The Woman in Black by Susan Hill

The Woman in Black is a ghost story told by Arthur Kipps.  The story begins in a traditional way with Arthur’s family gathered round the fire on Christmas Eve and telling ghost stories.  Arthur, who has real experience of ghosts undertakes to commit his story to paper.  His story begins when he is a young and ambitious solicitor, keen to progress and impress both his boss and girlfriend.  He is given an assignment to close the estate of a client who has just passed away and so travels to the east coast of the country (I must say that Arthur did put me in mind of Jonathon Harker from Dracula).

The client concerned is one Alice Drablow who lived a secluded existence at Eel Marsh house, arrived at by a causeway and surrounded not only by marshes and quicksand but also suspicion and fear.  The story really begins when Arthur notices a lonely woman, dressed in black, at Alice’s funeral – the only other person there.  The villagers refuse to speak of this woman let alone acknowledge any sightings of her and will have no dealings at all with Eel Marsh House.  Refusing to give in to superstition Arthur is determined to complete his task and decides to spend time at the house.

The story is of course filled to the brim with your classic ghost story pre-requisites.  A spooky and remote house, full of dark furniture and long corridors, a small village of frightened and superstitious people, changable weather, rolling mists, moonlit nights and slowly creeping feelings of dread.

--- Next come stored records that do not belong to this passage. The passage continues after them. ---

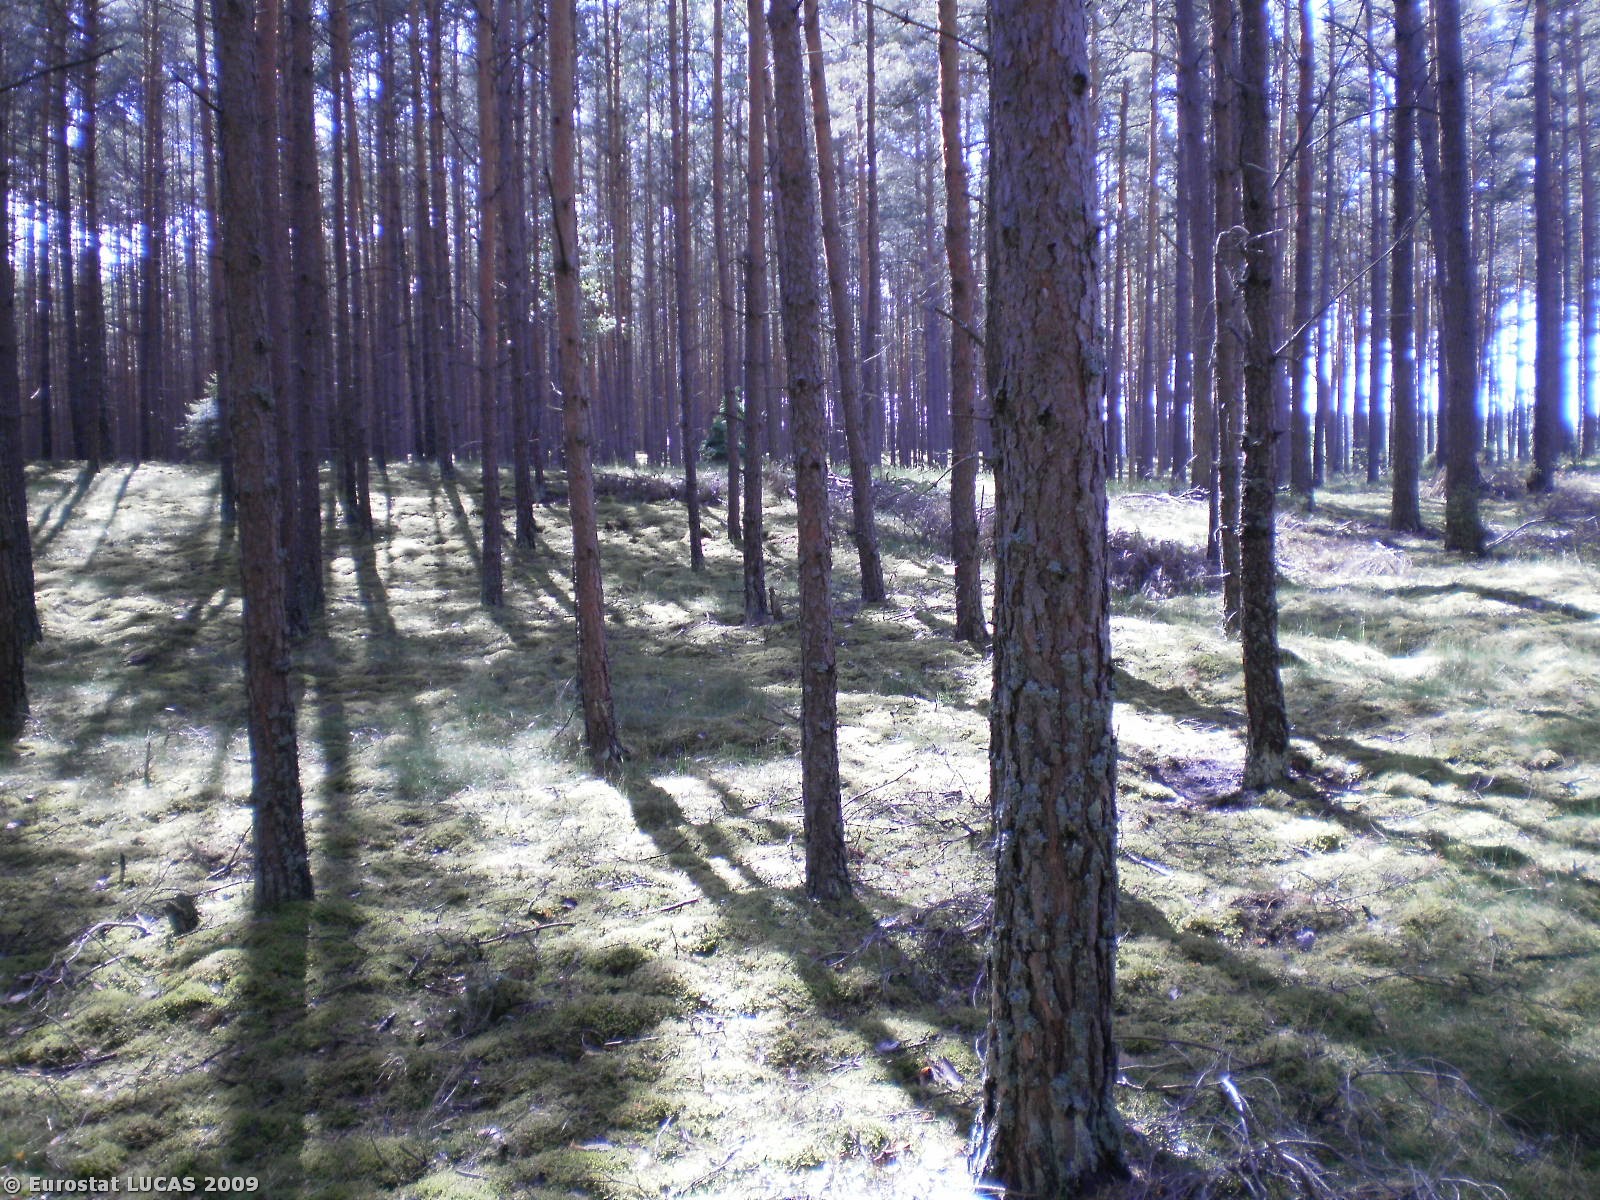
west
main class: Woodland
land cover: Coniferous woodland
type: hemiboreal forest and nemoral coniferous forest and mixed broadleaved-coniferous forest
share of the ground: > 75 %
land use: Forestry
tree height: > 5 m
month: May
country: PL
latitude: 53.7132
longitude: 18.0299

I enjoyed reading this book, it’s only short, but I think that worked in it’s favour.  The chilly feeling slowly builds until the last few chapters where Arthur spends time alone (although he has his feisty little companion Spider to forewarn him of any ghostly appearances!).  Some of the night scenes are quite chilling in fact although overall I won’t say I found this book frightening.  What I really appreciated was the writing style. The book actually reads like an old fashion gothic novel which I think is a real accomplishment given that it was in fact written in the 80s.

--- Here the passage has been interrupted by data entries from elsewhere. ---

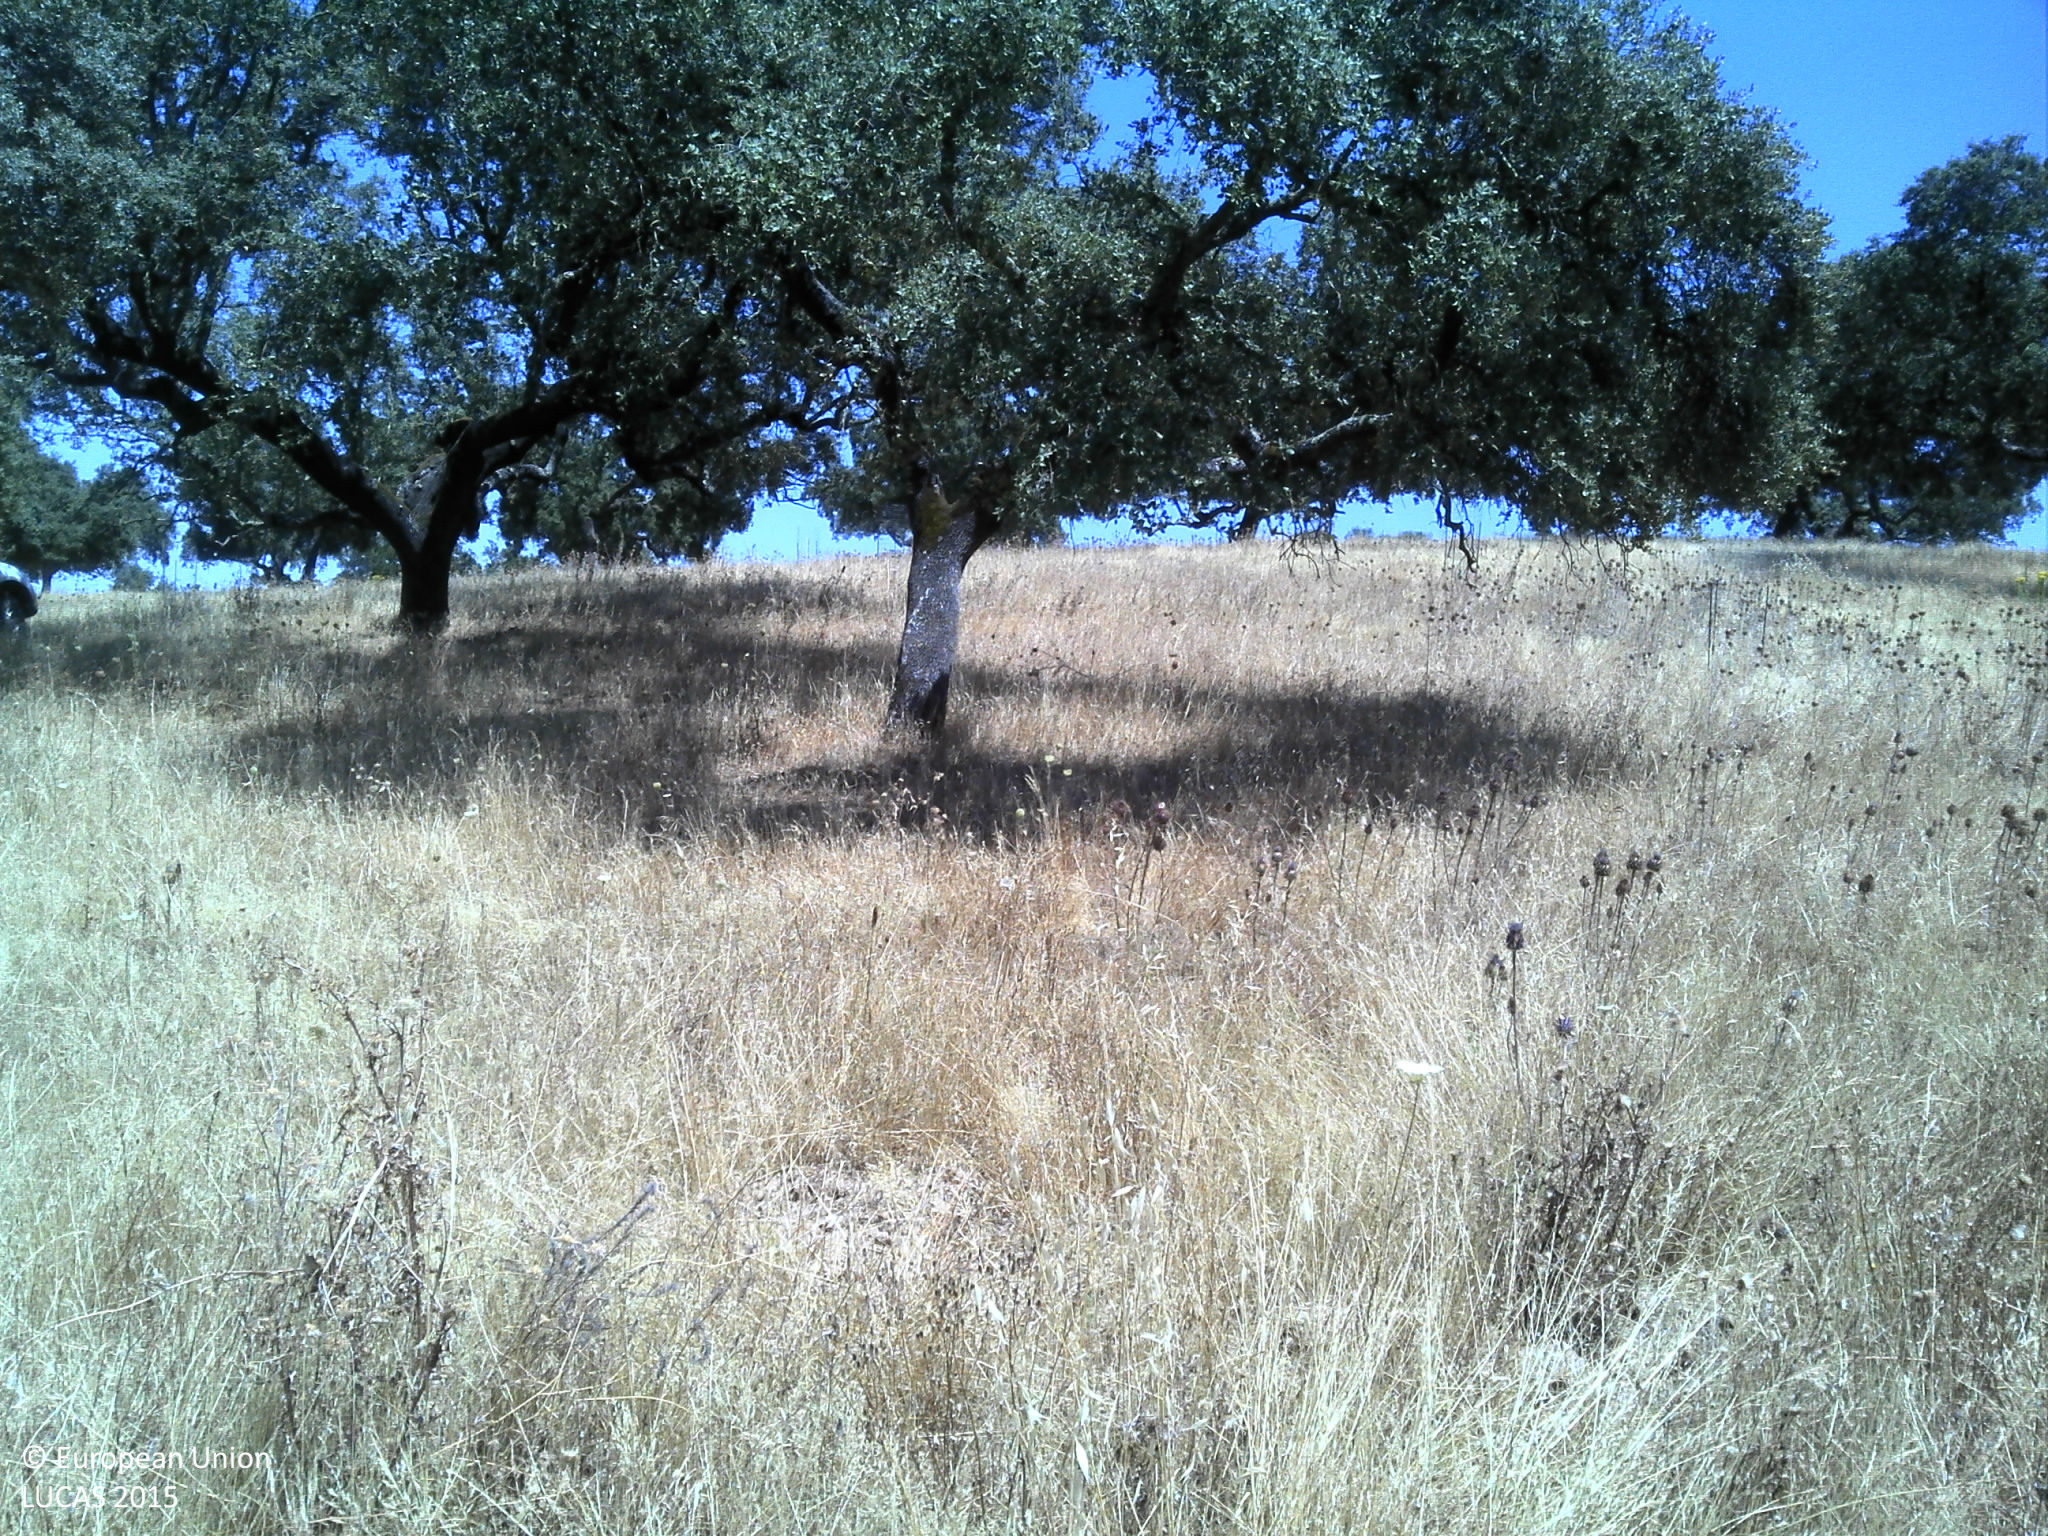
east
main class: Woodland
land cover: Broadleaved woodland
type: broadleaved evergreen forest
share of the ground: 25 - 50 %
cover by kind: herbaceous plants 70 %, broadleaved forest trees 30 %
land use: Forestry
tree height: > 5 m
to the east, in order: Broadleaved woodland; Tracks; Broadleaved woodland
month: June
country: PT
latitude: 37.9990
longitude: -7.2898

I would recommend this book if you fancy a bit of a spooky story on a dark night.  It’s a subtle and old fashioned type of read however and won’t appeal to everyone.  There are no dreadful and evil monsters or spectacular gore fests.  The success of the book lies mainly in the brooding and myserious atmosphere which the author manages to create where eventually you almost find yourself holding your breath and listening out for noises yourself.

Rating B+


The Woman in Black

The Woman in Black

5 Responses to “The Woman in Black by Susan Hill”

  1. Becky the Bookette

    I am definitely not into ghost stories. I am a big wimp. But there is something very appealing about atmospheric literature.

    • lynnsbooks

      Hi Becky
      Have you read any Daphne Du Maurier – Rebecca and Jamaica Inn are really good.

  2. katie

    yeah nice

  3. Short and Sweet | Books and travelling with Lynn

    […] The Woman in Black by Susan Hill […]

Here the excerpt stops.